YOUR OBJECTIVE:
Starting with the line where "5.0 seconds measured after image 1." appears, print every line through the end of the entries below exactly as it stands, and leave out the pictures.

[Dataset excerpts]
★ ★ ★ ★

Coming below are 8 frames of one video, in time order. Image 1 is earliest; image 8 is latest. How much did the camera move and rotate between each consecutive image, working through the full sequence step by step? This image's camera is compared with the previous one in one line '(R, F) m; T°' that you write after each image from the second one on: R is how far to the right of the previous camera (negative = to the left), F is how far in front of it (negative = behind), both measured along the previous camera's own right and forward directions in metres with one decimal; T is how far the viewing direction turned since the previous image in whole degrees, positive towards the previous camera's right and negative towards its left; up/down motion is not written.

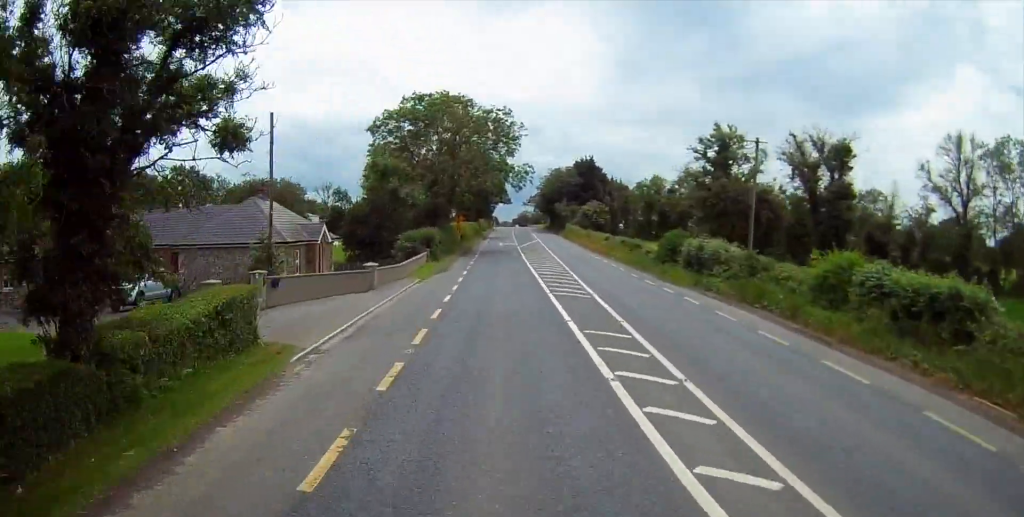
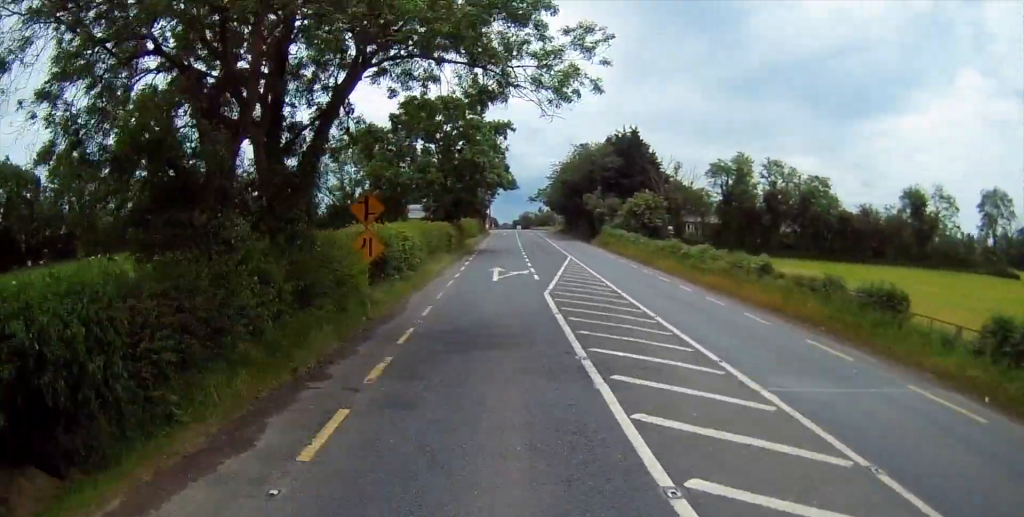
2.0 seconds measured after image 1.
(-0.2, +42.9) m; 0°
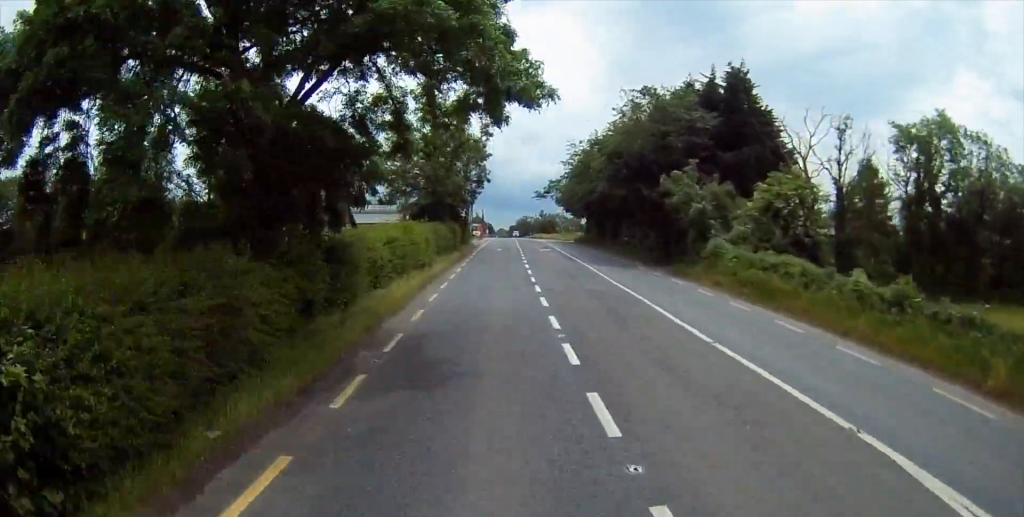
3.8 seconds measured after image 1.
(-0.2, +40.2) m; -1°
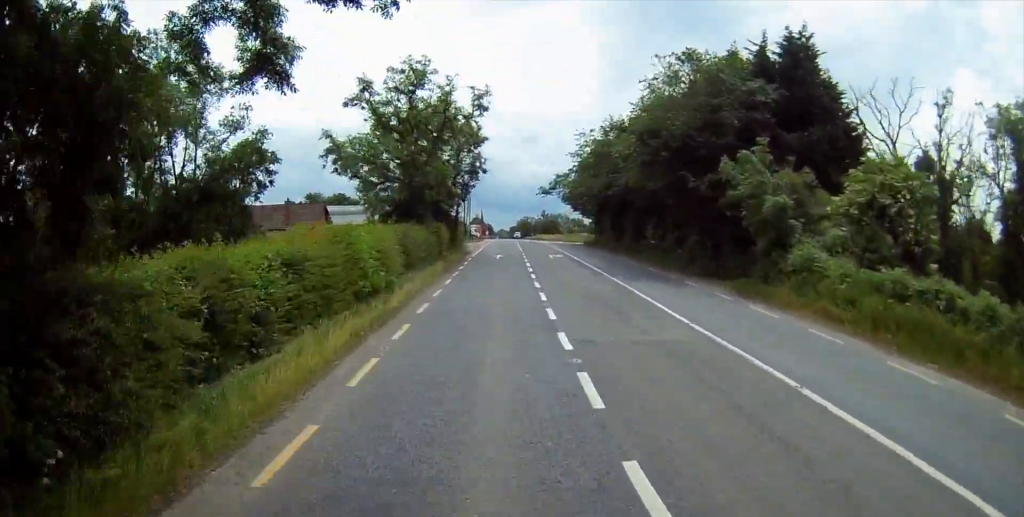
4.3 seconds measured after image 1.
(-0.1, +10.7) m; 0°
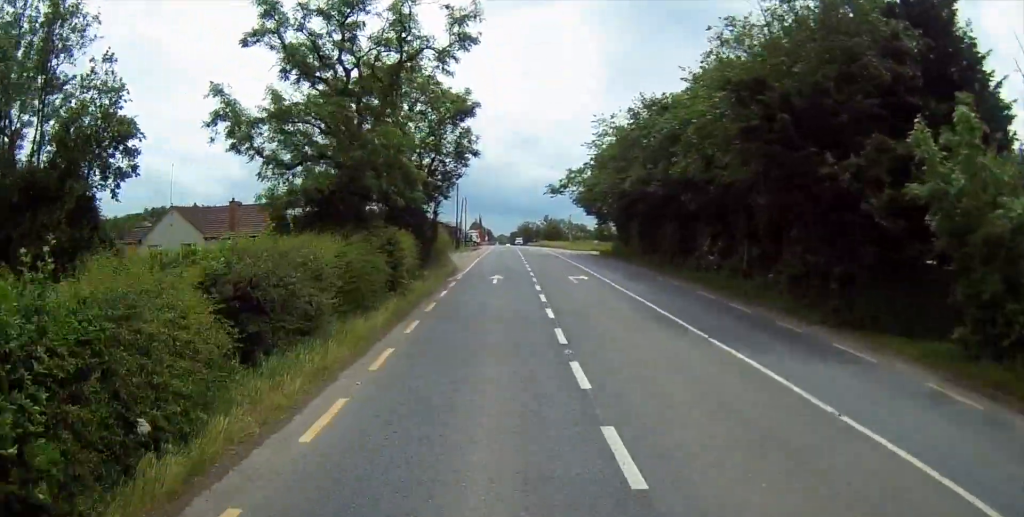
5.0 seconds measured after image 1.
(+0.1, +14.3) m; 0°
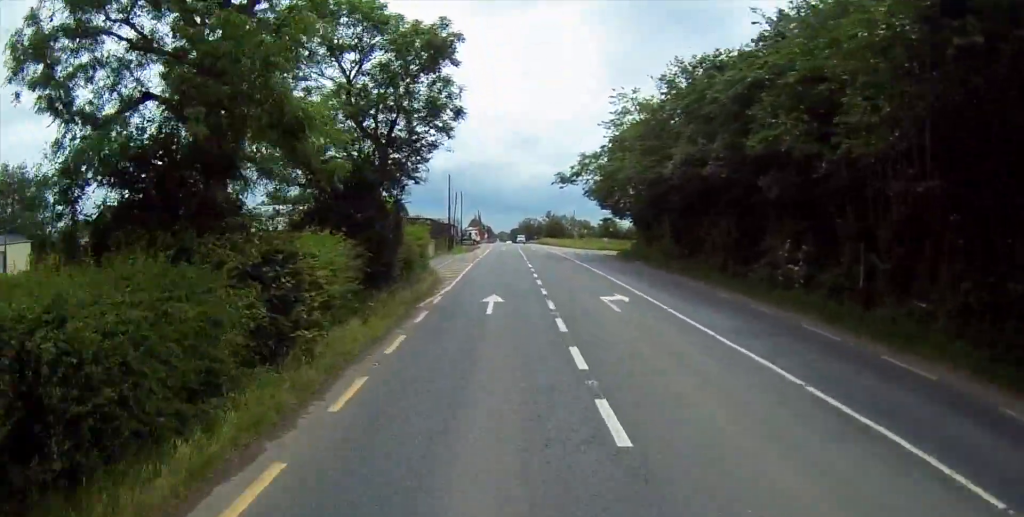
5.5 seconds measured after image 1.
(0.0, +10.7) m; 0°
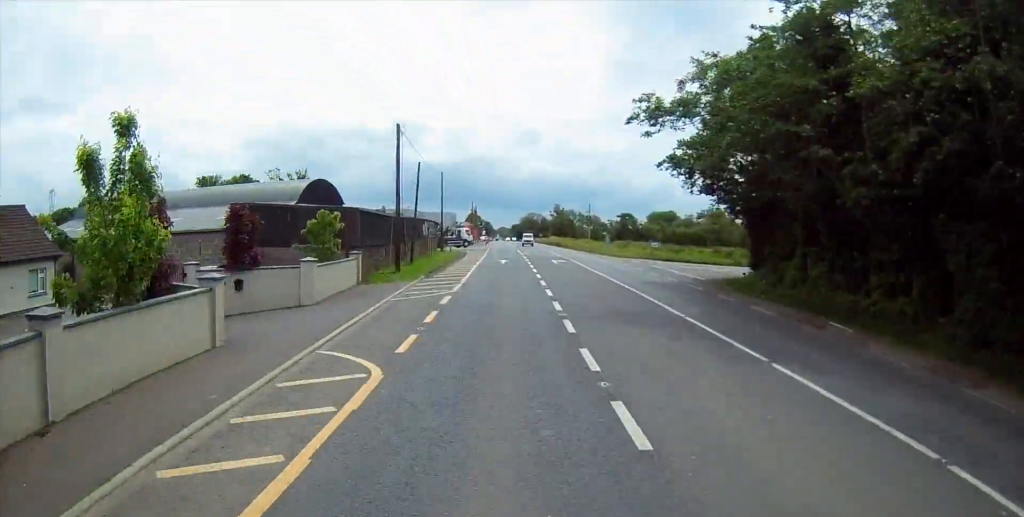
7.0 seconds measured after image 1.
(0.0, +31.8) m; 0°
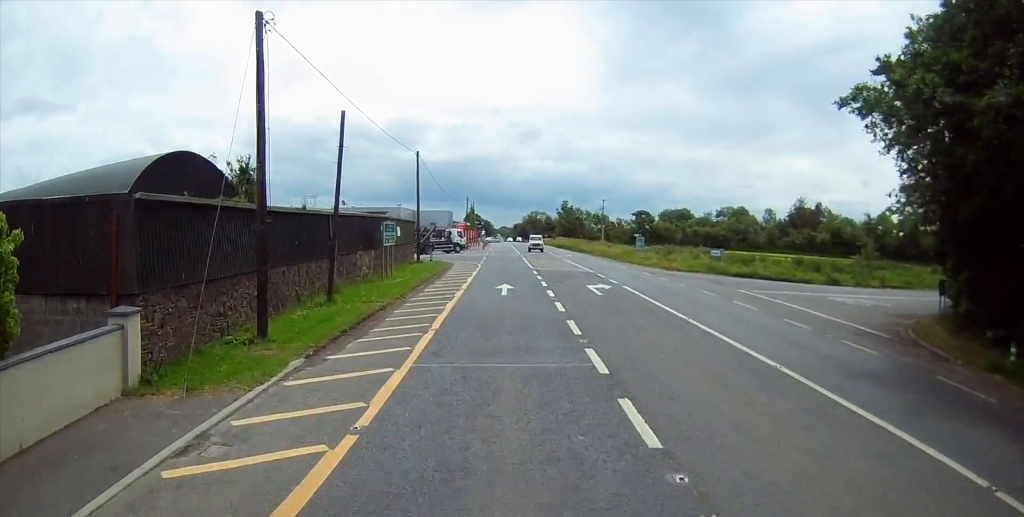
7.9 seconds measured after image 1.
(-0.1, +19.5) m; 0°

★ ★ ★ ★

RESPONSE:
5.0 seconds measured after image 1.
(+0.1, +14.3) m; 0°
5.5 seconds measured after image 1.
(0.0, +10.7) m; 0°
7.0 seconds measured after image 1.
(0.0, +31.8) m; 0°
7.9 seconds measured after image 1.
(-0.1, +19.5) m; 0°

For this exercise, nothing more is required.